[DATA FOR THIS EXERCISE — start]
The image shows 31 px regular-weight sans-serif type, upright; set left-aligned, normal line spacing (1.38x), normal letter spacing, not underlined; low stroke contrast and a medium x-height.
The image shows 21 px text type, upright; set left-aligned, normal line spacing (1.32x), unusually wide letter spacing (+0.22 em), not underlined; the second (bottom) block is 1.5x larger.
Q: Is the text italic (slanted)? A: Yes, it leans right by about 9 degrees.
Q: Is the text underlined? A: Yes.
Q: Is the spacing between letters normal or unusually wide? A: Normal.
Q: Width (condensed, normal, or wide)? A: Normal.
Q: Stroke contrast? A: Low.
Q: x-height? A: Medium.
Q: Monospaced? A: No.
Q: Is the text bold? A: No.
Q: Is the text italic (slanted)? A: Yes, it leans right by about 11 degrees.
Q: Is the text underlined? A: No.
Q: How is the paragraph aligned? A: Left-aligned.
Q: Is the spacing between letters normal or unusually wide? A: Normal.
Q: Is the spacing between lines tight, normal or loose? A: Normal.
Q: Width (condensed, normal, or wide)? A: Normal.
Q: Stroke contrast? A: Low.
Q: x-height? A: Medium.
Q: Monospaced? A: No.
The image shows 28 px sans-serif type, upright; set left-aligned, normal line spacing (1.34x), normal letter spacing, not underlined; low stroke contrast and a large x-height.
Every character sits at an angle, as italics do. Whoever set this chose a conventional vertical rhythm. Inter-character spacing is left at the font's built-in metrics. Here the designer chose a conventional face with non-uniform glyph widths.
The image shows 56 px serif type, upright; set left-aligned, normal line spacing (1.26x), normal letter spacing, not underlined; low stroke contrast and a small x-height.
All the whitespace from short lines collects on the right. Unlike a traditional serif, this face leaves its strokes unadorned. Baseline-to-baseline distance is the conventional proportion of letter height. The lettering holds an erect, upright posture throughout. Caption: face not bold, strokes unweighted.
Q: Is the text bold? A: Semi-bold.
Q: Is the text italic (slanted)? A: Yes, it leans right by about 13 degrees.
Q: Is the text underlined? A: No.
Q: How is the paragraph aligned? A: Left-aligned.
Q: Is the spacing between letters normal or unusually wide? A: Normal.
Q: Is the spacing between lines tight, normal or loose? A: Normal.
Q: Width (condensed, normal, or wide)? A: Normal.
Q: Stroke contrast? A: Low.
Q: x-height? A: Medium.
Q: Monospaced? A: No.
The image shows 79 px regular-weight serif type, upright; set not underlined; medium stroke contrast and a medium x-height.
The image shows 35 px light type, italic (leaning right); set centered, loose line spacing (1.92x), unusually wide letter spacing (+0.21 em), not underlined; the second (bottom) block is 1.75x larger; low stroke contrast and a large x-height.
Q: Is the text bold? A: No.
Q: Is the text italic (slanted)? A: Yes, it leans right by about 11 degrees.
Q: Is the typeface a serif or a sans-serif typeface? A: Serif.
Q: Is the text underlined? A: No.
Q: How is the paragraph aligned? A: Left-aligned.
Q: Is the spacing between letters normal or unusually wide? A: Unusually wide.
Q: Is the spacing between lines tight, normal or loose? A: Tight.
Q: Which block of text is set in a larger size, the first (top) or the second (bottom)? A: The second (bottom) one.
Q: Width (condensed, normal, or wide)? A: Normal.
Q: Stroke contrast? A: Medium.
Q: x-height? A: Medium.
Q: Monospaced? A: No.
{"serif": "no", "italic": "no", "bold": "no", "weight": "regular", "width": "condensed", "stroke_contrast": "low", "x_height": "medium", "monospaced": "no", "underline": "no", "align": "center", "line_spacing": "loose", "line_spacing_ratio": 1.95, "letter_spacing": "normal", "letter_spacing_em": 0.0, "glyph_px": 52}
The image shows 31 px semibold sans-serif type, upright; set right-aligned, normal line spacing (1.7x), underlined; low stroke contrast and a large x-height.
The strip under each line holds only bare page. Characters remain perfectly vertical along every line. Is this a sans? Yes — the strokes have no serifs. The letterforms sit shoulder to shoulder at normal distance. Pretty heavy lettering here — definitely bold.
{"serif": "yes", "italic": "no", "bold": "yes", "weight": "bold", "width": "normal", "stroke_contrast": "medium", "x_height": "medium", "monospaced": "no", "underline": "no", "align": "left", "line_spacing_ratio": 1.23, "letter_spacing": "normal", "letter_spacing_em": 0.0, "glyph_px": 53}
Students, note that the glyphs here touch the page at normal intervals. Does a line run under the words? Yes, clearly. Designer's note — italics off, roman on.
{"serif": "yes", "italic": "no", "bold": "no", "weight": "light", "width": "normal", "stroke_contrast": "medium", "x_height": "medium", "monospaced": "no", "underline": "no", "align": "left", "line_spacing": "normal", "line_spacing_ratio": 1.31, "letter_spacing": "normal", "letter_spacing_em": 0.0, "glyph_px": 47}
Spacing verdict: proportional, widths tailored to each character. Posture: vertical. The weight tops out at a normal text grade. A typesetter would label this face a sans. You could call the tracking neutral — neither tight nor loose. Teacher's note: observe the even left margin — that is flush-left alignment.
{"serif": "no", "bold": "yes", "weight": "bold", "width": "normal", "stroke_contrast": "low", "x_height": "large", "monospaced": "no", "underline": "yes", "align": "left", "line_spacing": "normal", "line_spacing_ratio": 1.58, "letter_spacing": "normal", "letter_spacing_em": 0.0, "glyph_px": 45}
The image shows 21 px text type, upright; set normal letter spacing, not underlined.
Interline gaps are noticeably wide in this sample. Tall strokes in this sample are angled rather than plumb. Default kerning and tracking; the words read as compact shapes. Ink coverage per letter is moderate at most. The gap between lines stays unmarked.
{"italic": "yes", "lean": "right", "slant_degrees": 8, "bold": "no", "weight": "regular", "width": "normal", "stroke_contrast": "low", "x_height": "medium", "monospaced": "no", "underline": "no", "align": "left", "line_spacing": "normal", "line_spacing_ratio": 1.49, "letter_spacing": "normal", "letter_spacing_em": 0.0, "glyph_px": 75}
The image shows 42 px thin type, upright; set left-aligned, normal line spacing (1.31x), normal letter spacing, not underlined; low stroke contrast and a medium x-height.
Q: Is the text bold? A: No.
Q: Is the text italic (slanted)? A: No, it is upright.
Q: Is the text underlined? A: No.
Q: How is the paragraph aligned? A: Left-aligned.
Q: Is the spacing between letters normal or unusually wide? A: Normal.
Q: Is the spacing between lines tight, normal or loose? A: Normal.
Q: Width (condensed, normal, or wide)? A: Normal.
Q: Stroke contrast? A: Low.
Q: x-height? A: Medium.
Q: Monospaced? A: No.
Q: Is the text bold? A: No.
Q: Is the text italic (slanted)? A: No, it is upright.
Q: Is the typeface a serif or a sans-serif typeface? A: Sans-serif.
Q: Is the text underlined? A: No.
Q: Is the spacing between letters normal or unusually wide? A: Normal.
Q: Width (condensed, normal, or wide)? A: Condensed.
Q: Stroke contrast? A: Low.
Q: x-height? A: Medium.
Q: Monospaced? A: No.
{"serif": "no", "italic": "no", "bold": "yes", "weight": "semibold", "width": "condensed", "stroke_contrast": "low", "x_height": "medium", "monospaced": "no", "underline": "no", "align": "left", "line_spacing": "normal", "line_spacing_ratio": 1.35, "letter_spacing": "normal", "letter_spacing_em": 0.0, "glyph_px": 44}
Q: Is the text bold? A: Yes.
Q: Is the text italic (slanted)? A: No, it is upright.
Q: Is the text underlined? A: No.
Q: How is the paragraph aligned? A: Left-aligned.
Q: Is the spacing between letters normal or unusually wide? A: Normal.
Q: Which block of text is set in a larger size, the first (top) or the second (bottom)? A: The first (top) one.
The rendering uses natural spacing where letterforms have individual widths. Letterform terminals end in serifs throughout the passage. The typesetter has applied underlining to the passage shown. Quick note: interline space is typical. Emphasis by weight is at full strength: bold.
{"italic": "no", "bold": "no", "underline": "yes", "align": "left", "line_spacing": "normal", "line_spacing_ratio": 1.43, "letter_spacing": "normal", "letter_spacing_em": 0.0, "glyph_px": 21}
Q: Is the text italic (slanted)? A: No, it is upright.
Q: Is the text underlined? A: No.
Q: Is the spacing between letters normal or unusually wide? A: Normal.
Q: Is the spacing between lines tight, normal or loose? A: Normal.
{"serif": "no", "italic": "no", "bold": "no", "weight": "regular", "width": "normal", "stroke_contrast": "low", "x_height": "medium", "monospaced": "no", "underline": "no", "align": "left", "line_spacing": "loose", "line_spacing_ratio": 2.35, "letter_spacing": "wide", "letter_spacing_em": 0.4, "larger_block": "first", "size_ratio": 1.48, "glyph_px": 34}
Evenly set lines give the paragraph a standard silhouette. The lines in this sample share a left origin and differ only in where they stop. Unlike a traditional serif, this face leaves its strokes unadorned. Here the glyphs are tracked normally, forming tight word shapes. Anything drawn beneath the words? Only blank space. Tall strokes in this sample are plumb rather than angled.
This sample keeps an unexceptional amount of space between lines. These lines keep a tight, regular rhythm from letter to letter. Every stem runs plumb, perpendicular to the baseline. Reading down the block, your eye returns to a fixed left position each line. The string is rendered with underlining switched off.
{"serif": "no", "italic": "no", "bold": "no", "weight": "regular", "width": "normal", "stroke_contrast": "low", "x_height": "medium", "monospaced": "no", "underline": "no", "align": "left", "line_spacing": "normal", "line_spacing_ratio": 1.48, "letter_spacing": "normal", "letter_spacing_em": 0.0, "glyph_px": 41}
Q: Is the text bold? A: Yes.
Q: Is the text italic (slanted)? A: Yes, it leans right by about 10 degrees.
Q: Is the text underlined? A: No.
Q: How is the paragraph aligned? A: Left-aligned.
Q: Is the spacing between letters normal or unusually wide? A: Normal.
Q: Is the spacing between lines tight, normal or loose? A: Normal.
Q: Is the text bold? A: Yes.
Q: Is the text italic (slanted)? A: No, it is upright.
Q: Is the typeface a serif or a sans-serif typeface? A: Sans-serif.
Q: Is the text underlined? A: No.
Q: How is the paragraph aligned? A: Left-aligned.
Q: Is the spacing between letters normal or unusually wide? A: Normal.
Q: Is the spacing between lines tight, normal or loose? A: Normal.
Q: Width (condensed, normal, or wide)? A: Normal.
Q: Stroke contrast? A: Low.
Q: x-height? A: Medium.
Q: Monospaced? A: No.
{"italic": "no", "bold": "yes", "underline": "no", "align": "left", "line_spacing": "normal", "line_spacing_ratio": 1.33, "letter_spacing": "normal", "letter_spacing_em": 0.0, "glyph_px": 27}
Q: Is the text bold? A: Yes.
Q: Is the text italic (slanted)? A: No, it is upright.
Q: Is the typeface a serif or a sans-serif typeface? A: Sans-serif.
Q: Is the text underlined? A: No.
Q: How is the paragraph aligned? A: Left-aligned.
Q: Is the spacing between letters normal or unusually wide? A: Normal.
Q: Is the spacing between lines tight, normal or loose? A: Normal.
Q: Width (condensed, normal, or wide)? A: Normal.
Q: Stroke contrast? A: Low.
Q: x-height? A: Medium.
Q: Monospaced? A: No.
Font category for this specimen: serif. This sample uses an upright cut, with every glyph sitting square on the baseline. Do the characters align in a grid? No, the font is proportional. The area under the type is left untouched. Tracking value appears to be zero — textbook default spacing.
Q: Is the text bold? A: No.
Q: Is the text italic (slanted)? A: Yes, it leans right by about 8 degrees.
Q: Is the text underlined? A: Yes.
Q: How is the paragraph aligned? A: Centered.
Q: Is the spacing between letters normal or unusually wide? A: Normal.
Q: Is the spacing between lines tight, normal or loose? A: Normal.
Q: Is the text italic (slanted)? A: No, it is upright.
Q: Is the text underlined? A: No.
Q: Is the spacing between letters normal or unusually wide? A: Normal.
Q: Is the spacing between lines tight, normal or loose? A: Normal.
[DATA FOR THIS EXERCISE — finish]
List every line above containing the word "semibold".

### EXERCISE OUTPUT:
The image shows 31 px semibold sans-serif type, upright; set right-aligned, normal line spacing (1.7x), underlined; low stroke contrast and a large x-height.
{"serif": "no", "italic": "no", "bold": "yes", "weight": "semibold", "width": "condensed", "stroke_contrast": "low", "x_height": "medium", "monospaced": "no", "underline": "no", "align": "left", "line_spacing": "normal", "line_spacing_ratio": 1.35, "letter_spacing": "normal", "letter_spacing_em": 0.0, "glyph_px": 44}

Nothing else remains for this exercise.